[[ Supplied information, beginning ]]

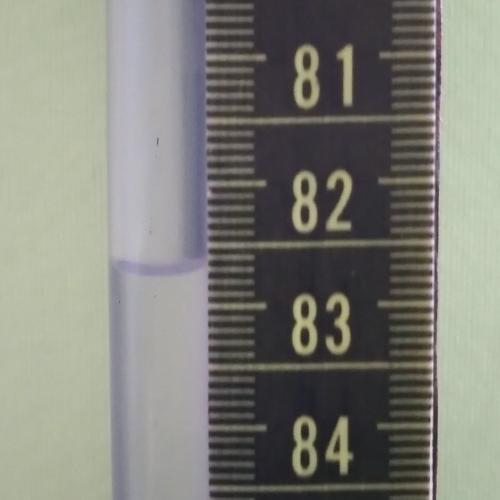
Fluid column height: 82.7 cm
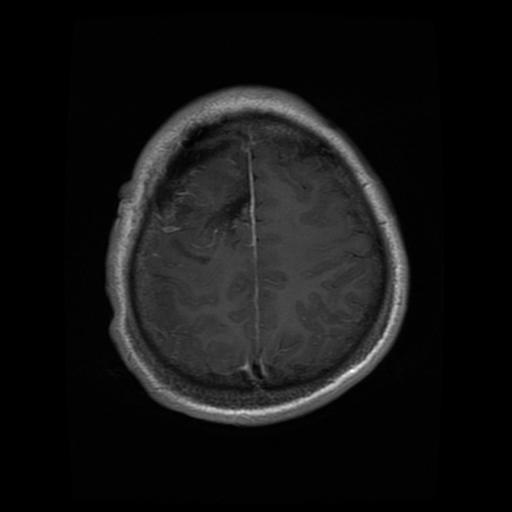
Label: glioma
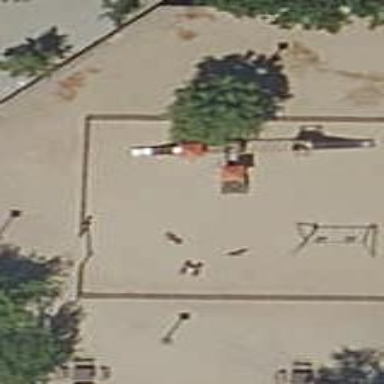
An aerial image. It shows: Playground area for leisure activities on the land.
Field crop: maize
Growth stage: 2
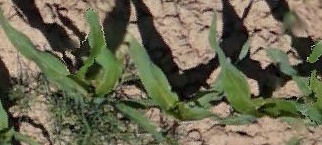
Species: maize
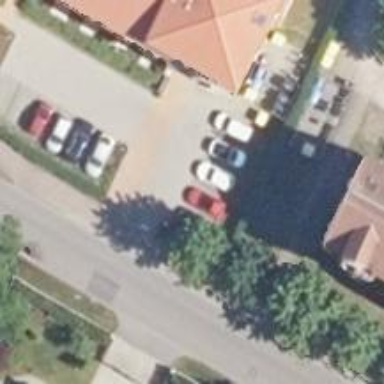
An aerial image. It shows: Parking area with surface.
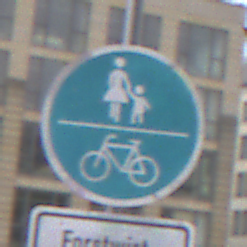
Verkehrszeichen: GemeinsamerGehUndRadweg
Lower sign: BesondereFahrzeugeUndTransportgueter7
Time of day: Midday
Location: Outdoor (Urban)
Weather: Overcast
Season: NotSpecified
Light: Natural
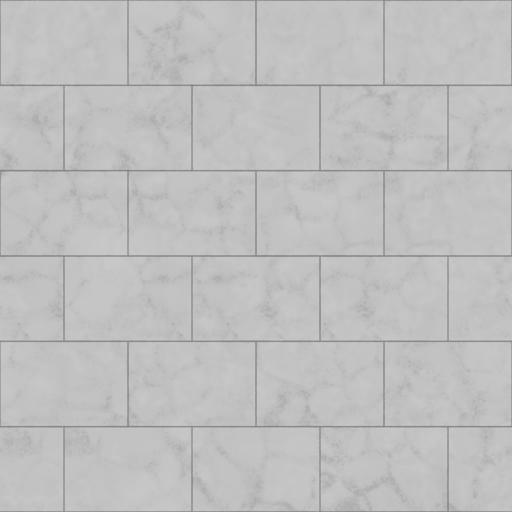
Tags: clean kitchen subway tiled tiles wall white
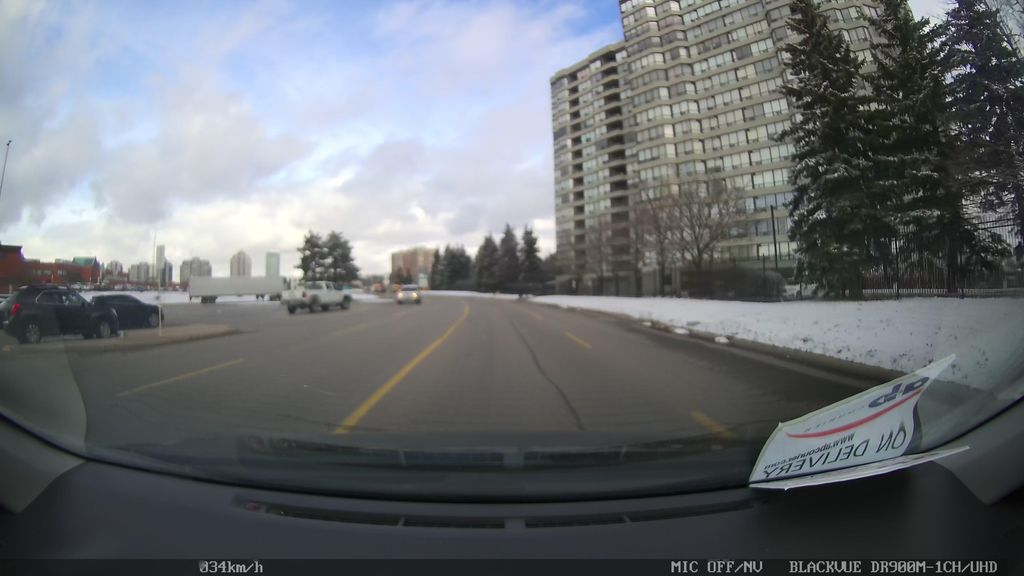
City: toronto

[[ Supplied information, end ]]

Repeat all of the records verbatim, leaving out the pictures.

Fluid column height: 82.7 cm
Label: glioma
An aerial image. It shows: Playground area for leisure activities on the land.
Field crop: maize
Growth stage: 2
Species: maize
An aerial image. It shows: Parking area with surface.
Verkehrszeichen: GemeinsamerGehUndRadweg
Lower sign: BesondereFahrzeugeUndTransportgueter7
Time of day: Midday
Location: Outdoor (Urban)
Weather: Overcast
Season: NotSpecified
Light: Natural
Tags: clean kitchen subway tiled tiles wall white
City: toronto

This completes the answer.